Sometimes, participants new to CPI’s Nonviolent Crisis Intervention® training think of it primarily as a “take-down” course before they attend the program. During the interview, I asked Toby if he encountered that attitude among new participants at Telecare.
 
“Yeah, definitely, definitely,” answered Toby. “When I asked people who were doing the training for the first time, ‘What are you anticipating today's going to be about?’ most of them are understandably oriented to the thought that this is going to be about, you know, how I physically restrain people. How do I defend myself when somebody is trying to attack me? So they see [Nonviolent Crisis Intervention® training as] some kind of blend of restraint and self-defense. And they're quite surprised when I ask them at the end of the training—they have a much different perspective where they understand that predominantly the CPI training has been about verbal interventions, about learning to identify and read behaviors, and being able to interact with folks in a way that the physical intervention is avoided.”

#CPItraining is about managing challenging behavior in a way that physical intervention is avoided.

Outcomes at Telecare since the inception of CPI training

Toby and his team at Telecare began recording statistics about outcomes since the facility first opened back in 2011, and CPI training has been in place from the very beginning. According to Toby, the ongoing, mandatory training (the One-Day Introductory Seminar is required once a year for all staff, and refresher courses are offered every month) has had a remarkably positive effect on outcomes at Telecare.
 
For one, Telecare’s dedication to consistent repetition of training has had a positive, cumulative effect. “I think as a culture we've developed greater and greater skill at using CPI. And so over that time, when we look at the figures, we've seen almost a 70% drop in the use of seclusion over the five plus years that we've been open. And we've also seen an 80% drop in the use of physical restraint,” explains Toby. (To see a case study of the Telecare facility in Lakewood, including these statistics, click over to TechValidate.)

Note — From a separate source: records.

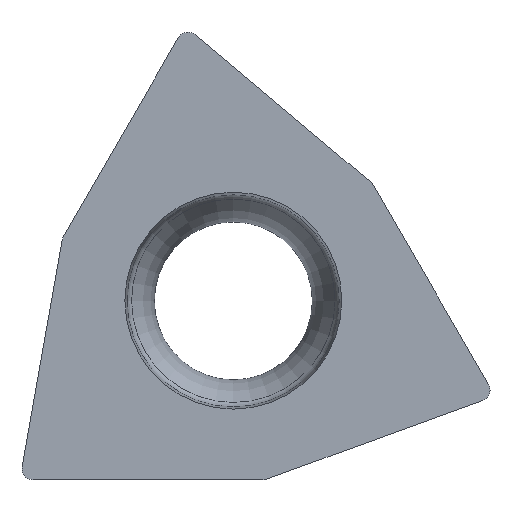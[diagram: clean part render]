
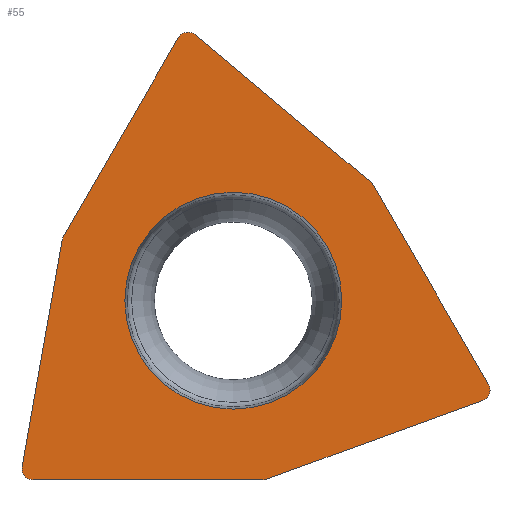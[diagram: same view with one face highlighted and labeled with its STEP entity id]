
A CAD part, top view. The second image highlights one B-rep face of the part: STEP entity #55.
In plain terms, the highlighted planar face has unit normal (0, 0, 1).
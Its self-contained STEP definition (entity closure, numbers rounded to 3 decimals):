
#55=ADVANCED_FACE('',(#81,#82),#73,.F.);
#73=PLANE('',#377);
#81=FACE_BOUND('',#93,.T.);
#82=FACE_BOUND('',#94,.T.);
#93=EDGE_LOOP('',(#128,#129,#130,#131,#132,#133,#134,#135,#136,#137,#138,#139));
#94=EDGE_LOOP('',(#140));
#117=CIRCLE('',#370,0.198);
#118=CIRCLE('',#371,0.198);
#119=CIRCLE('',#372,0.198);
#120=CIRCLE('',#373,0.198);
#121=CIRCLE('',#374,0.198);
#122=CIRCLE('',#375,0.198);
#123=CIRCLE('',#376,1.923);
#128=ORIENTED_EDGE('',*,*,#239,.T.);
#129=ORIENTED_EDGE('',*,*,#240,.T.);
#130=ORIENTED_EDGE('',*,*,#241,.T.);
#131=ORIENTED_EDGE('',*,*,#242,.T.);
#132=ORIENTED_EDGE('',*,*,#243,.T.);
#133=ORIENTED_EDGE('',*,*,#244,.T.);
#134=ORIENTED_EDGE('',*,*,#245,.T.);
#135=ORIENTED_EDGE('',*,*,#246,.T.);
#136=ORIENTED_EDGE('',*,*,#247,.T.);
#137=ORIENTED_EDGE('',*,*,#248,.T.);
#138=ORIENTED_EDGE('',*,*,#249,.T.);
#139=ORIENTED_EDGE('',*,*,#250,.T.);
#140=ORIENTED_EDGE('',*,*,#251,.F.);
#210=VERTEX_POINT('',#558);
#211=VERTEX_POINT('',#559);
#212=VERTEX_POINT('',#561);
#213=VERTEX_POINT('',#563);
#214=VERTEX_POINT('',#565);
#215=VERTEX_POINT('',#567);
#216=VERTEX_POINT('',#569);
#217=VERTEX_POINT('',#571);
#218=VERTEX_POINT('',#573);
#219=VERTEX_POINT('',#575);
#220=VERTEX_POINT('',#577);
#221=VERTEX_POINT('',#579);
#222=VERTEX_POINT('',#582);
#239=EDGE_CURVE('',#210,#211,#280,.T.);
#240=EDGE_CURVE('',#211,#212,#117,.T.);
#241=EDGE_CURVE('',#212,#213,#281,.T.);
#242=EDGE_CURVE('',#213,#214,#118,.T.);
#243=EDGE_CURVE('',#214,#215,#282,.T.);
#244=EDGE_CURVE('',#215,#216,#119,.T.);
#245=EDGE_CURVE('',#216,#217,#283,.T.);
#246=EDGE_CURVE('',#217,#218,#120,.T.);
#247=EDGE_CURVE('',#218,#219,#284,.T.);
#248=EDGE_CURVE('',#219,#220,#121,.T.);
#249=EDGE_CURVE('',#220,#221,#285,.T.);
#250=EDGE_CURVE('',#221,#210,#122,.T.);
#251=EDGE_CURVE('',#222,#222,#123,.T.);
#280=LINE('',#557,#310);
#281=LINE('',#562,#311);
#282=LINE('',#566,#312);
#283=LINE('',#570,#313);
#284=LINE('',#574,#314);
#285=LINE('',#578,#315);
#310=VECTOR('',#405,1.0);
#311=VECTOR('',#408,1.0);
#312=VECTOR('',#411,1.0);
#313=VECTOR('',#414,1.0);
#314=VECTOR('',#417,1.0);
#315=VECTOR('',#420,1.0);
#370=AXIS2_PLACEMENT_3D('',#560,#406,#407);
#371=AXIS2_PLACEMENT_3D('',#564,#409,#410);
#372=AXIS2_PLACEMENT_3D('',#568,#412,#413);
#373=AXIS2_PLACEMENT_3D('',#572,#415,#416);
#374=AXIS2_PLACEMENT_3D('',#576,#418,#419);
#375=AXIS2_PLACEMENT_3D('',#580,#421,#422);
#376=AXIS2_PLACEMENT_3D('',#581,#423,#424);
#377=AXIS2_PLACEMENT_3D('',#583,#425,#426);
#405=DIRECTION('',(0.94,0.342,0.));
#406=DIRECTION('',(0.,0.,1.0));
#407=DIRECTION('',(0.766,0.643,0.));
#408=DIRECTION('',(-0.5,0.866,0.));
#409=DIRECTION('',(0.,0.,1.0));
#410=DIRECTION('',(0.766,0.643,0.));
#411=DIRECTION('',(-0.766,0.643,0.));
#412=DIRECTION('',(0.,0.,1.0));
#413=DIRECTION('',(0.766,0.643,0.));
#414=DIRECTION('',(-0.5,-0.866,0.));
#415=DIRECTION('',(0.,0.,1.0));
#416=DIRECTION('',(0.766,0.643,0.));
#417=DIRECTION('',(-0.174,-0.985,0.));
#418=DIRECTION('',(0.,0.,1.0));
#419=DIRECTION('',(0.766,0.643,0.));
#420=DIRECTION('',(1.0,0.,0.));
#421=DIRECTION('',(0.,0.,1.0));
#422=DIRECTION('',(0.766,0.643,0.));
#423=DIRECTION('',(0.0,0.0,1.0));
#424=DIRECTION('',(-0.766,-0.643,0.0));
#425=DIRECTION('',(0.,0.,-1.0));
#426=DIRECTION('',(0.766,0.643,0.));
#557=CARTESIAN_POINT('',(4.16,-0.067,0.));
#558=CARTESIAN_POINT('',(4.377,0.012,0.));
#559=CARTESIAN_POINT('',(8.203,1.405,0.));
#560=CARTESIAN_POINT('',(8.135,1.591,0.));
#561=CARTESIAN_POINT('',(8.307,1.69,0.));
#562=CARTESIAN_POINT('',(6.603,4.642,0.));
#563=CARTESIAN_POINT('',(6.271,5.217,0.));
#564=CARTESIAN_POINT('',(6.099,5.118,0.));
#565=CARTESIAN_POINT('',(6.227,5.27,0.));
#566=CARTESIAN_POINT('',(5.718,5.697,0.));
#567=CARTESIAN_POINT('',(3.107,7.887,0.));
#568=CARTESIAN_POINT('',(2.98,7.735,0.));
#569=CARTESIAN_POINT('',(2.808,7.835,0.));
#570=CARTESIAN_POINT('',(0.656,4.108,0.));
#571=CARTESIAN_POINT('',(0.772,4.308,0.));
#572=CARTESIAN_POINT('',(0.944,4.209,0.));
#573=CARTESIAN_POINT('',(0.748,4.243,0.));
#574=CARTESIAN_POINT('',(0.55,3.12,0.));
#575=CARTESIAN_POINT('',(0.041,0.233,0.));
#576=CARTESIAN_POINT('',(0.236,0.198,0.));
#577=CARTESIAN_POINT('',(0.236,0.,0.));
#578=CARTESIAN_POINT('',(3.168,0.,0.));
#579=CARTESIAN_POINT('',(4.309,0.,0.));
#580=CARTESIAN_POINT('',(4.309,0.198,0.));
#581=CARTESIAN_POINT('',(3.784,3.175,0.0));
#582=CARTESIAN_POINT('',(2.311,1.939,0.0));
#583=CARTESIAN_POINT('',(3.784,3.175,0.));

How Telecare is focused on recovery-centered treatment

The Telecare organization embraces a recovery framework, the Recovery-Centered Clinical System, or RCCS, that is based on the importance of a collaborative approach. Toby explains how the RCCS works: “I would say that [there are] two important pieces: one, that the culture here is focused on the idea of recovery, and [two], making that the focus of our work. So with each individual, we're asking them to invite us into their world, and try and identify what works for them, what their strengths are, and co-create a plan with them that really speaks to their uniqueness. . . . It really begins to focus the recovery conversation on the individual rather than presenting them with a predestined treatment program that they either get into or don't. So you know, we're looking to help people get excited about their own wellness rather than telling them what wellness looks like.”

We help people get excited about their own wellness rather than telling them what it should look like.
 
Guest biography
Toby Estler, M.A., LMFT is a licensed marriage and family therapist in both Washington state and California. He has been working at Telecare’s adult in-patient evaluation and treatment center in Lakewood, WA for three years as a social service specialist and in 2014 joined the team of CPI facilitators, offering monthly trainings to new and current staff.
 
Since starting in the field in 2000, Toby has worked in a variety of mental health delivery systems, including Wraparound, acute in-patient adolescent, community mental health centers, and educational settings. Toby also maintains a private practice seeing clients in person and online. When not working, he’s most likely to be found running trails through the forests, hills, and mountains of Washington.